Wallis Wang and Stacy Shi
Staff, volunteers and other parties working at child-related institutions should be given a clear code of conduct that identifies what constitutes appropriate and inappropriate behavior and requires them to acknowledge it with their signatures, Plan International Hong Kong said yesterday.
The call came as a 13-year-old boy was allegedly slapped by a teacher at a madrassa this month, requiring him to undergo a six-hour surgery for a detached and torn retina.
It was part of a child safeguarding policy framework announced by the local chapter of Plan International – one of the world’s leading development organizations specifically focusing on children based in the UK.
All such institutions should give clear guidelines to staff, parents and children to support them in reporting suspicions of child abuse, it said, adding that “all incidents, allegations and complaints should be clearly recorded and stored.”
Institutions should also establish a clear time limit on case handling and set guidelines to ensure children are well protected during an investigation.
”[Institutions should] establish a whistleblowing policy where employees should be able to report abuse or suspicions of abuse without fear of retribution and discrimination,” it said.
They should also minimize potential daily risks to children and protect their privacy by seeking consent before distributing personal information or photos.
Potential staff should be screened for possible sexual convictions and over their attitude and abilities in child protection. Staff and volunteers should also get regular training and support on child safety.
The chapter said the assault on the 13-year-old was “heartbreaking.”
It said “the parents of another student in the same class have contacted the victim’s family asking them not to inform the police for fear that the incident will tarnish the reputation of their culture and religion even though the student was slapped by the teacher before.

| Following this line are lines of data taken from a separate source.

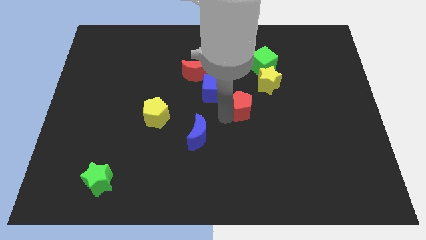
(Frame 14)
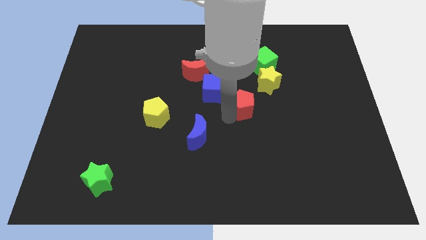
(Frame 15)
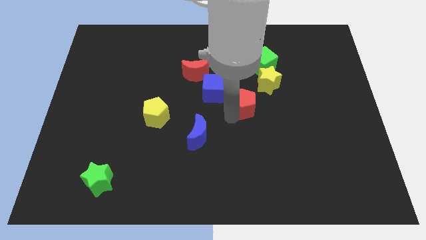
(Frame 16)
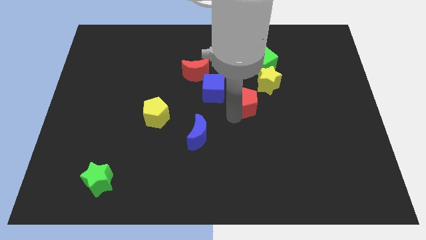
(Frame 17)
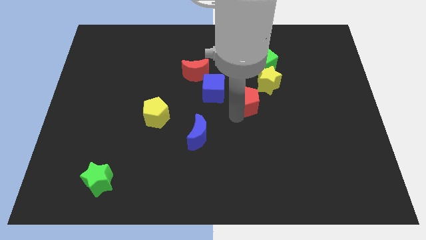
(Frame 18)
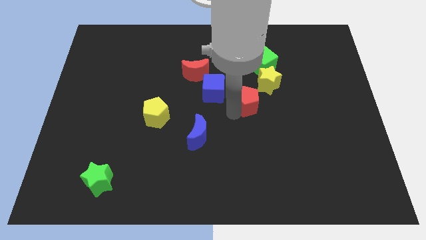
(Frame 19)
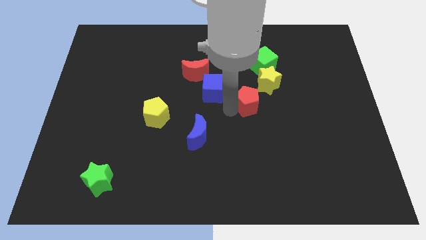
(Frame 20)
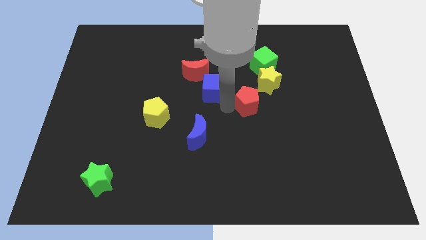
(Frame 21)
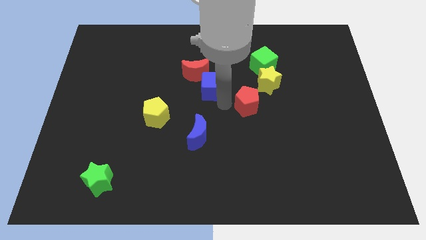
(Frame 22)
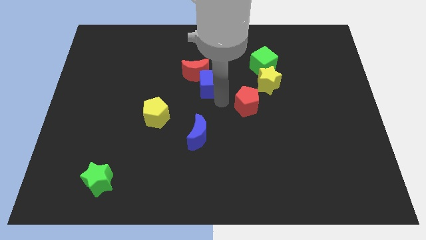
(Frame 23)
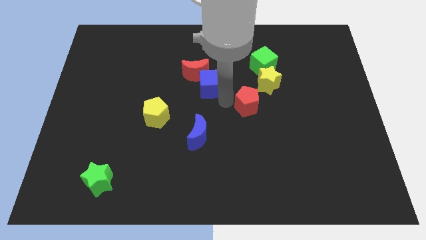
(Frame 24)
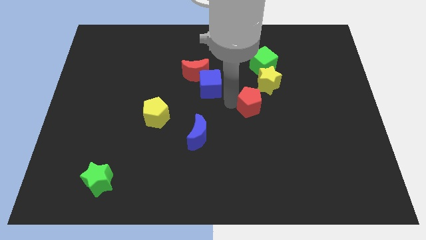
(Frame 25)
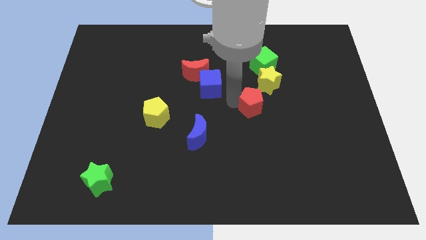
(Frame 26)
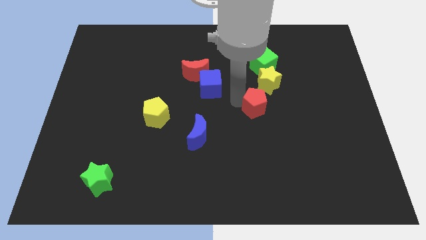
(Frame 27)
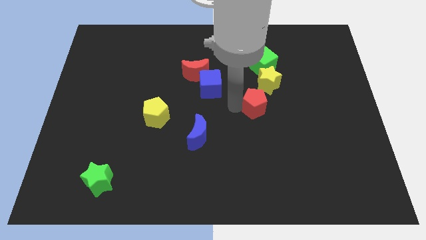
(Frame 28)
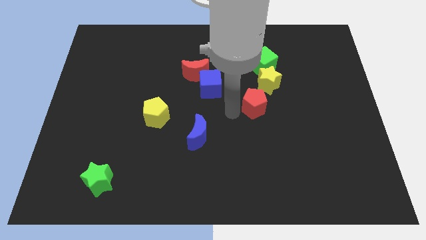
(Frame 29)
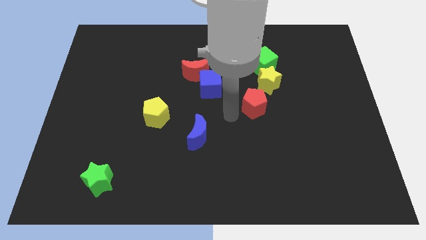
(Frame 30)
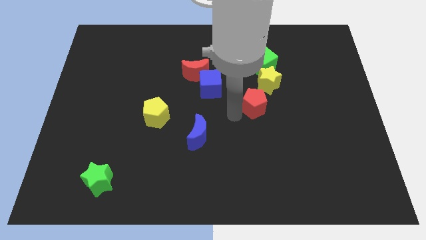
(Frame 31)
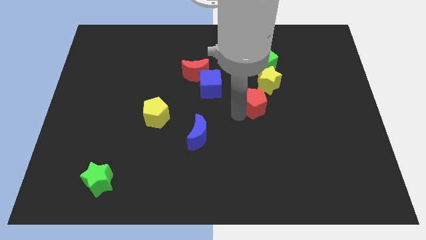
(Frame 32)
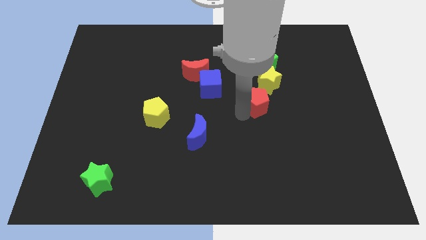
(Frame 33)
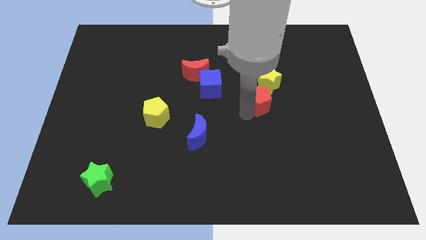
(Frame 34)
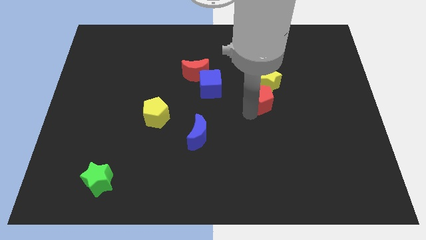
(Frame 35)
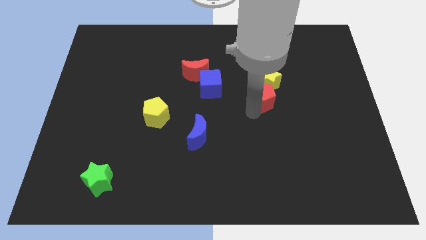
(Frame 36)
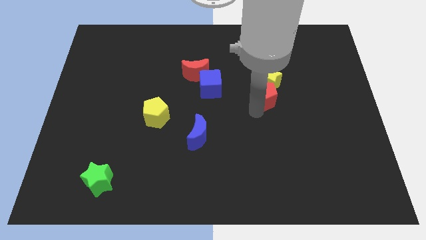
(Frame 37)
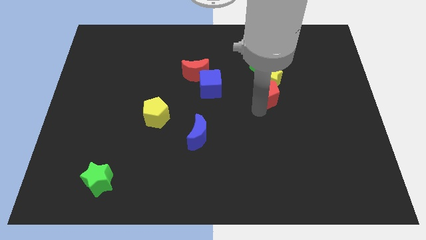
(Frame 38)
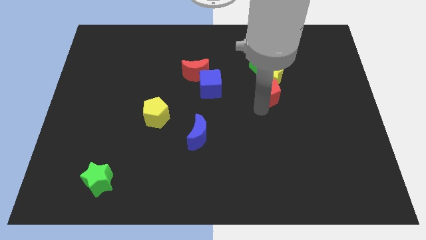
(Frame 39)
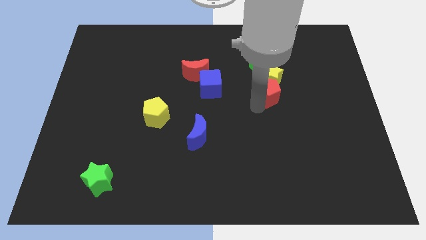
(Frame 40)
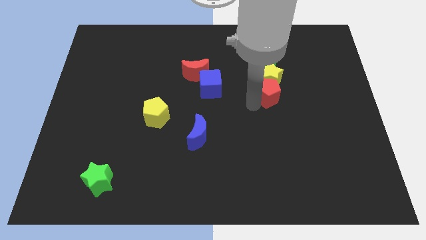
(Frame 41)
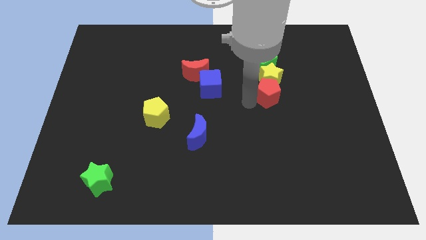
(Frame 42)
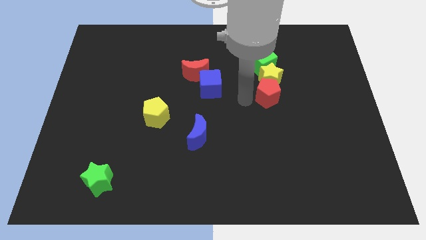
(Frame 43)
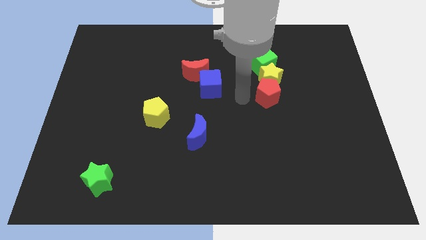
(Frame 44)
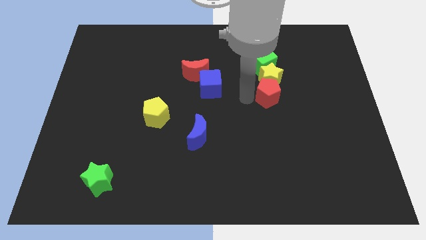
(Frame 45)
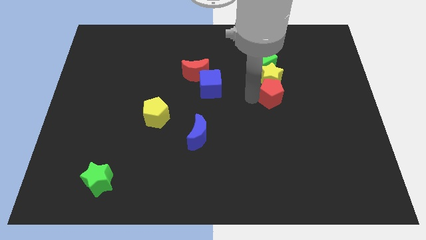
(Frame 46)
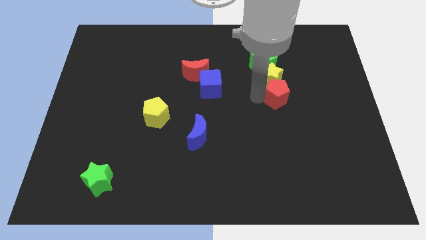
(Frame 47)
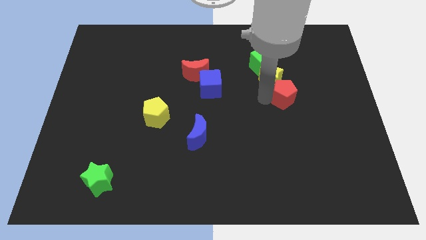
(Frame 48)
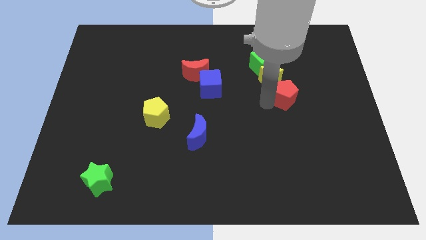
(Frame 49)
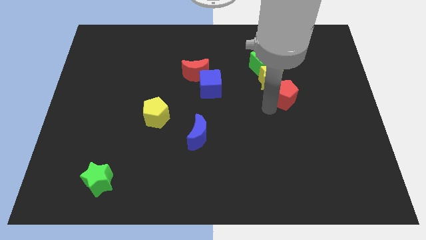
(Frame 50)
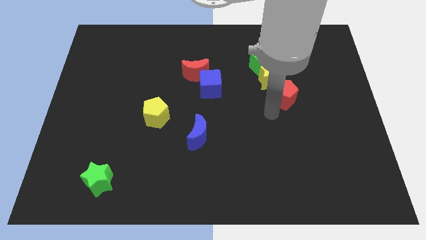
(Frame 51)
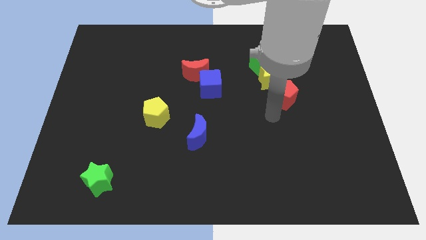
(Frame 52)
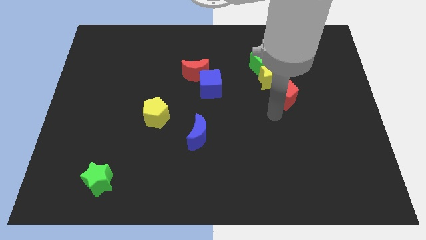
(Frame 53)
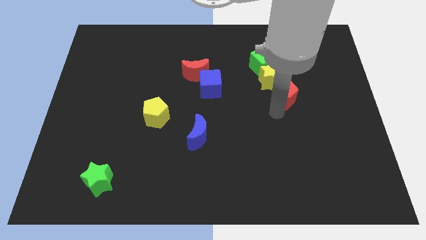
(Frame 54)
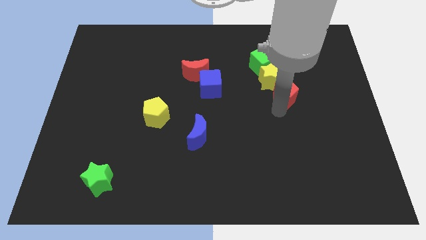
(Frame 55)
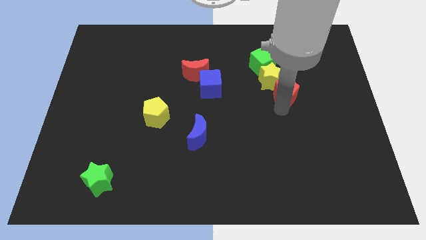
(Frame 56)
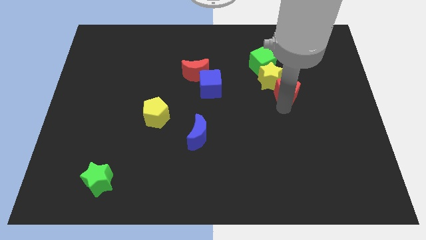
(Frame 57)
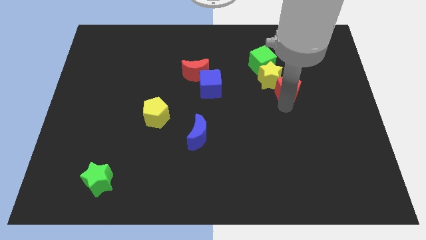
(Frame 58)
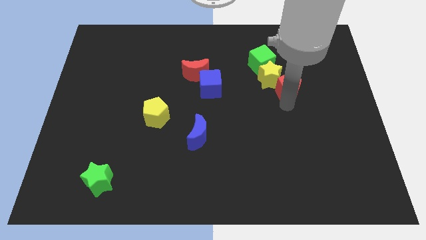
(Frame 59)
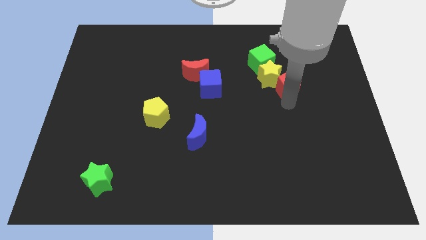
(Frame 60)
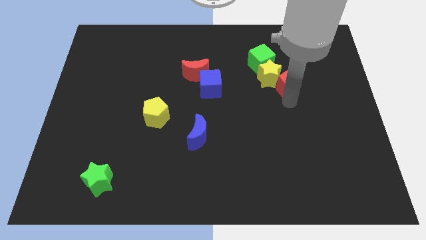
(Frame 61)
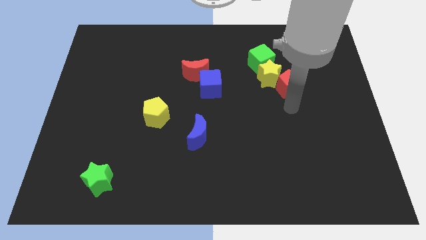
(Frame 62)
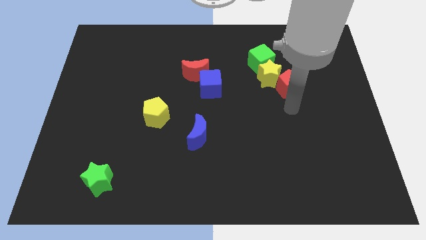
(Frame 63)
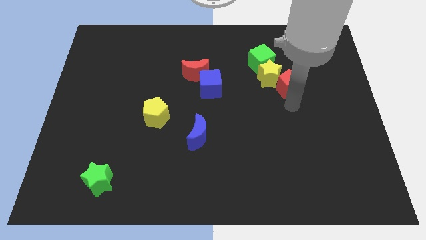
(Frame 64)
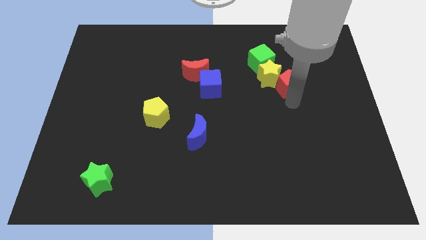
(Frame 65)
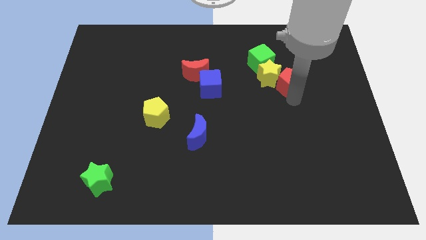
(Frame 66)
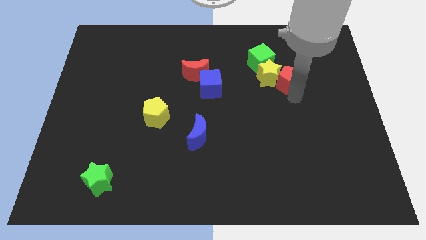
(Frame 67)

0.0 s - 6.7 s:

”This reflects the urgency to enhance the public’s, especially children’s and parents’ awareness of children’s rights and child safeguarding policy. The public should not keep scandals hidden. On the contrary, it is time to create an open and child-friendly culture that places children’s well-being as a priority.”
The boy was allegedly struck on August 5 after failing to recite a verse from the Koran by Khan Shahzad, 35, who was arrested last Friday and charged in a Eastern magistrate’s court on Monday. He was granted bail until the next hearing on September 25.
On August 5, the day of the incident, he was a volunteer at Madrassa Taleemul Furqan Islamic Union in Quarry Bay.